Nos anos 80 alguns jovens latinos de Los Angeles começaram a se vestir em um estilo peculiar que eles chamavam de "cholo", frequentemente associado pela imprensa com gangues violentas. Uma jovem dançarina de origem italiana da outra costa dos EUA resolveu fazer a sua própria leitura do estilo das cholas de Los Angeles: maquiagem pesada em volta dos olhos, cabelos repicados, camisetas brancas, suspensórios, calças largas, adereços como colares com cruzes e brincos de argola grande. A tal dançarina transformou-se na toda poderosa Madonna e depois trocou o estilo cholo por uma espécie de pastiche de Marylin Monroe para vender a imagem de "Material Girl".

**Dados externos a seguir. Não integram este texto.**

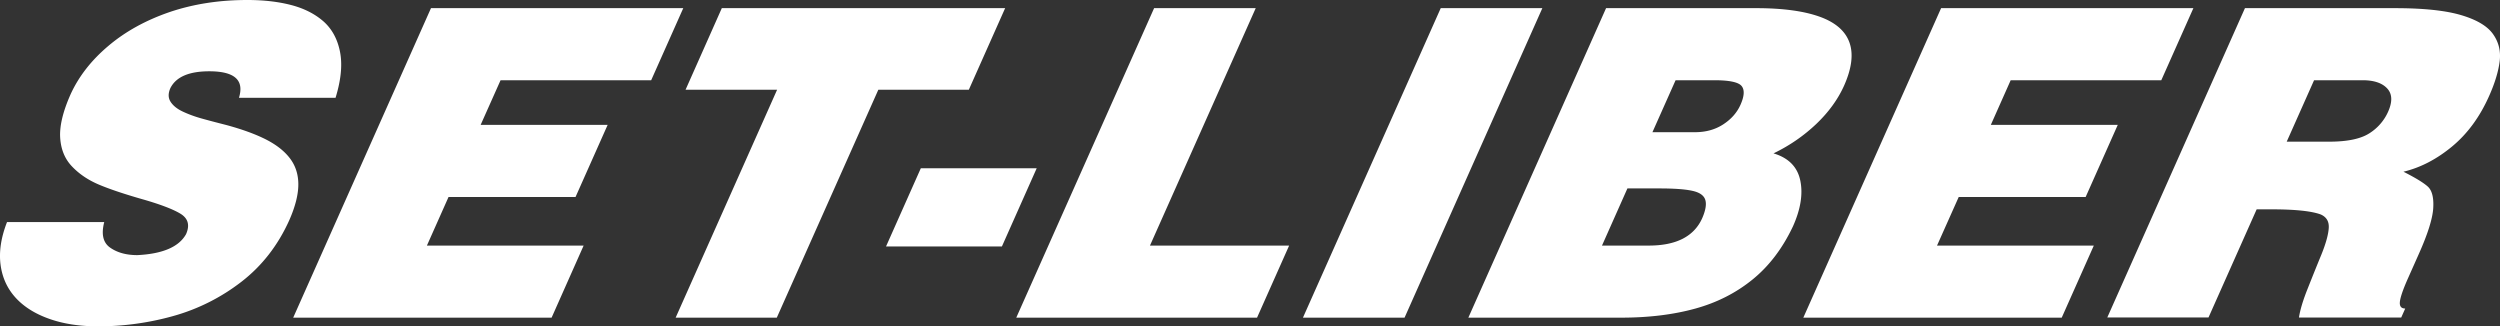 <?xml version="1.0" encoding="UTF-8"?> <svg xmlns="http://www.w3.org/2000/svg" version="1.1" id="Layer_1" x="0" y="0" viewBox="0 0 380.12 49.61" xml:space="preserve" style="enable-background:new 0 0 380.12 49.61"><rect x="0" y="0" width="380.12" height="49.61" fill="#333333" stroke="none"/><style>.st0{fill:#fff}</style><path d="M36.33 14.88c.84-2.7-.66-4.04-4.51-4.04-3.08 0-5.05.85-5.91 2.55-.36.81-.35 1.5.03 2.09.38.59.99 1.08 1.84 1.48.85.4 1.79.75 2.82 1.04 1.03.29 2.29.62 3.78 1 2.45.66 4.47 1.4 6.07 2.21 1.6.82 2.82 1.78 3.66 2.9.84 1.12 1.26 2.44 1.25 3.98-.01 1.54-.47 3.34-1.38 5.4-1.72 3.82-4.15 6.94-7.27 9.35a30.13 30.13 0 0 1-10.33 5.2 42.33 42.33 0 0 1-11.44 1.58c-2.83 0-5.32-.38-7.47-1.15-2.15-.76-3.86-1.84-5.12-3.23C1.09 43.85.33 42.17.08 40.21c-.25-1.97.08-4.12.99-6.45h14.78c-.48 1.85-.18 3.15.91 3.9 1.09.76 2.46 1.13 4.12 1.13 3.86-.19 6.33-1.25 7.41-3.19.6-1.36.32-2.39-.86-3.11-1.18-.71-3.17-1.46-5.96-2.25-2.67-.77-4.82-1.49-6.43-2.17-1.61-.68-2.97-1.59-4.07-2.74-1.11-1.15-1.71-2.61-1.82-4.4-.11-1.78.42-3.99 1.6-6.63 1.25-2.72 3.17-5.17 5.75-7.34 2.58-2.18 5.67-3.88 9.27-5.12C29.37.62 33.31 0 37.6 0c2.46 0 4.68.25 6.65.76 1.97.51 3.61 1.34 4.92 2.48 1.3 1.15 2.15 2.7 2.53 4.65.38 1.95.15 4.28-.68 6.98H36.33zM65.53 1.24h38.36L99.01 12.2h-22.9l-3.03 6.79h19.31l-4.88 10.96H68.2l-3.29 7.39h23.83L83.87 48.3H44.58zM109.75 1.24h43.08l-5.52 12.4h-13.76L118.11 48.3h-15.38l15.43-34.66h-13.92zM140.01 25.58h17.62l-5.29 11.89h-17.62zM175.48 1.24h15.45l-16.08 36.1h21.16l-4.88 10.96h-36.61zM219.06 1.24h15.45L213.56 48.3h-15.45zM244.2 1.24h22.83c3.99 0 7.19.43 9.59 1.28 2.4.85 3.93 2.15 4.57 3.9.64 1.75.38 3.94-.79 6.58-.94 2.1-2.35 4.05-4.25 5.86-1.9 1.8-4.06 3.29-6.49 4.46 2.27.68 3.62 2.04 4.06 4.08.44 2.04.08 4.38-1.1 7.01-1.56 3.31-3.59 6-6.1 8.05-2.51 2.05-5.42 3.54-8.75 4.46-3.33.92-7.09 1.38-11.27 1.38h-23.24L244.2 1.24zm10.57 10.96-3.52 7.9h6.47c1.64 0 3.06-.39 4.28-1.18 1.22-.79 2.1-1.78 2.64-2.99.59-1.32.64-2.27.17-2.85-.47-.58-1.84-.88-4.12-.88h-5.92zm-7.32 16.44-3.87 8.7h7.11c4.18 0 6.9-1.39 8.14-4.19.52-1.21.67-2.15.44-2.81-.23-.66-.9-1.11-2.02-1.34-1.12-.24-2.78-.35-4.99-.35h-4.81zM295.14 1.24h38.36l-4.88 10.96h-22.9l-3.02 6.79H322l-4.88 10.96h-19.3l-3.3 7.39h23.84l-4.88 10.96h-39.29zM341.34 1.24h22.78c4.33 0 7.69.35 10.06 1.05 2.38.7 4 1.66 4.87 2.88.87 1.22 1.21 2.6 1.02 4.14-.19 1.54-.72 3.31-1.61 5.3-1.41 3.17-3.28 5.72-5.62 7.66-2.34 1.94-4.81 3.22-7.4 3.84 1.8.91 3.03 1.66 3.69 2.25.65.58.93 1.67.84 3.26-.09 1.59-.82 3.93-2.2 7.01l-1.63 3.66c-.75 1.68-1.16 2.87-1.24 3.57-.08.7.19 1.05.81 1.05l-.61 1.37h-15.55c.18-1.17.62-2.64 1.34-4.43.71-1.79 1.4-3.51 2.08-5.16.67-1.66 1.04-2.99 1.11-4 .07-1.01-.34-1.7-1.24-2.09-1.41-.51-3.89-.77-7.43-.77h-2.29l-7.32 16.44h-15.39l20.93-47.03zm10.51 10.96-4.16 9.34h6.47c2.7 0 4.71-.41 6.03-1.23a7.424 7.424 0 0 0 2.92-3.33c.68-1.53.63-2.71-.15-3.54-.78-.83-2.02-1.24-3.72-1.24h-7.39z" class="st0"></path></svg>

Nas redes sociais o primeiro ímpeto é julgar: estaria Madonna "certa" ou "errada"? Teria ela o "direito" de se apropriar do visual cholo? Só eu escrevo aqui justamente para fugir dos tribunais das redes sociais e não quero fazer esse papel de juiz dos bons costumes dos outros. Mesmo porque já se vão quase quarenta anos do acontecido.
Hoje Madonna se parece mais com Pabllo Vittar e vive de tocar seus sucessos de outrora em turnês "comemorativas". E hoje o estilo cholo ainda reaparece, sempre meio pasteurizado, quando algum desses programas de TV que idealizam a polícia como sacrossanta defensora da bondade decide escolher para vilões da semana alguma perigosa gangue latina com nomes comos "los locos", "los malos" ou "los diablos".
As apropriações continuam, e continuam pelos mais diversas motivos. E acontecem, para ser honesto, numa via de duas mãos. As calças do estilo cholo, por exemplo, eram "Dickies", marca barata criada no norte do Texas nos anos 20 do século passado. Tenho a impressão que no embalo do moralismo das redes sociais há quem acredite piamente que quando "boas" as apropriações devem ser chamadas de "ressignificação" e quando más de "apropriações". Mas as apropriações estão no mundo num estado de permanente confusão moral, feitas por amor e/ou ganância e com e/ou sem oportunismo.